AIM OF THE TASK
Restate the lines exactly, starting at the line that contains "#2287=CARTESIAN_POINT('',(2.675,3.7,3.2));" and finishing with the final line of the records.

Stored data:
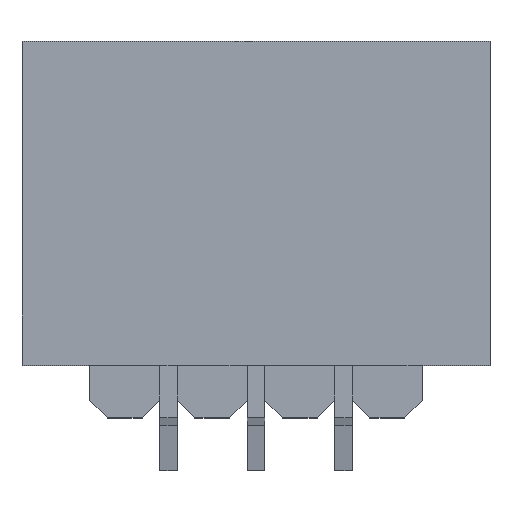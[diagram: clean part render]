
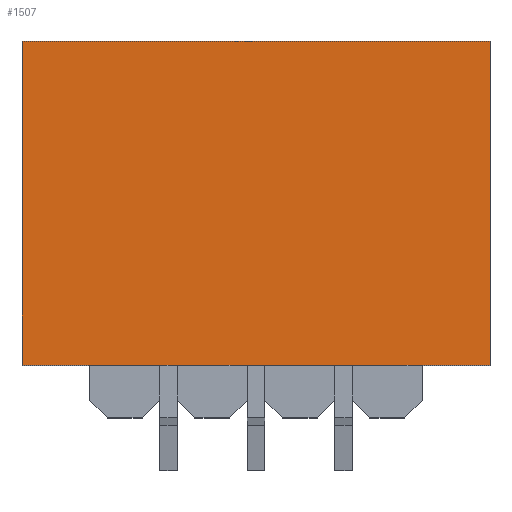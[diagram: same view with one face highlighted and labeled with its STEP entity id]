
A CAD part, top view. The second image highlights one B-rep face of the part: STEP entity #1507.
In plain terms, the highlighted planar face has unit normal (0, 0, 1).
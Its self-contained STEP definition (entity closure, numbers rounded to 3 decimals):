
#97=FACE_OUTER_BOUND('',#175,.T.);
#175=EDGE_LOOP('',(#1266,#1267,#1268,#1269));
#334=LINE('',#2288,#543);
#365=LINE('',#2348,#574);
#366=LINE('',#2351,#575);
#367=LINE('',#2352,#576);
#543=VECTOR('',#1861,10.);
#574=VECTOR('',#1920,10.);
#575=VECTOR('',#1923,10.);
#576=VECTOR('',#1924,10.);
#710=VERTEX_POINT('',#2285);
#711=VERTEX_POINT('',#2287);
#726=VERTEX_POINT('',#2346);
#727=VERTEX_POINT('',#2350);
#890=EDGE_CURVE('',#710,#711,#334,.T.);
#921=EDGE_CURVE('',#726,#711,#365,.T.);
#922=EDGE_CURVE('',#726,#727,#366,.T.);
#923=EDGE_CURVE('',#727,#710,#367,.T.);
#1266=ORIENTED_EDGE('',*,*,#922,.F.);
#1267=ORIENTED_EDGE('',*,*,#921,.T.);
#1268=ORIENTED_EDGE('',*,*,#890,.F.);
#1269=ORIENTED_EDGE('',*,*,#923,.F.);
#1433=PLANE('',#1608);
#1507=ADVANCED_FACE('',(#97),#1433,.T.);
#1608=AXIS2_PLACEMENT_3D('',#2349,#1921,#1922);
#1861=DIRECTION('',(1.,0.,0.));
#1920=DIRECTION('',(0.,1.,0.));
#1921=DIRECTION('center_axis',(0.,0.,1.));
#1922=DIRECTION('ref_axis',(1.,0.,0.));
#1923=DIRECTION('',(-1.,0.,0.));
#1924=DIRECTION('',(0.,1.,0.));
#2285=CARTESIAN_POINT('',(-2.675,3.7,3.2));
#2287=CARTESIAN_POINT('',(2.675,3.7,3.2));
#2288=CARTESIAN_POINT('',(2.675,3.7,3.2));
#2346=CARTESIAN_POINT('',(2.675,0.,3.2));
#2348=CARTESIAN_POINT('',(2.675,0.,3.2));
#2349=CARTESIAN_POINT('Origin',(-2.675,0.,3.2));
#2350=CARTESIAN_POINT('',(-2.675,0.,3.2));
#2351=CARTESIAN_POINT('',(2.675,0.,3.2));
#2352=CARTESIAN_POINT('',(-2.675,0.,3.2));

YOUR RESPONSE
#2287=CARTESIAN_POINT('',(2.675,3.7,3.2));
#2288=CARTESIAN_POINT('',(2.675,3.7,3.2));
#2346=CARTESIAN_POINT('',(2.675,0.,3.2));
#2348=CARTESIAN_POINT('',(2.675,0.,3.2));
#2349=CARTESIAN_POINT('Origin',(-2.675,0.,3.2));
#2350=CARTESIAN_POINT('',(-2.675,0.,3.2));
#2351=CARTESIAN_POINT('',(2.675,0.,3.2));
#2352=CARTESIAN_POINT('',(-2.675,0.,3.2));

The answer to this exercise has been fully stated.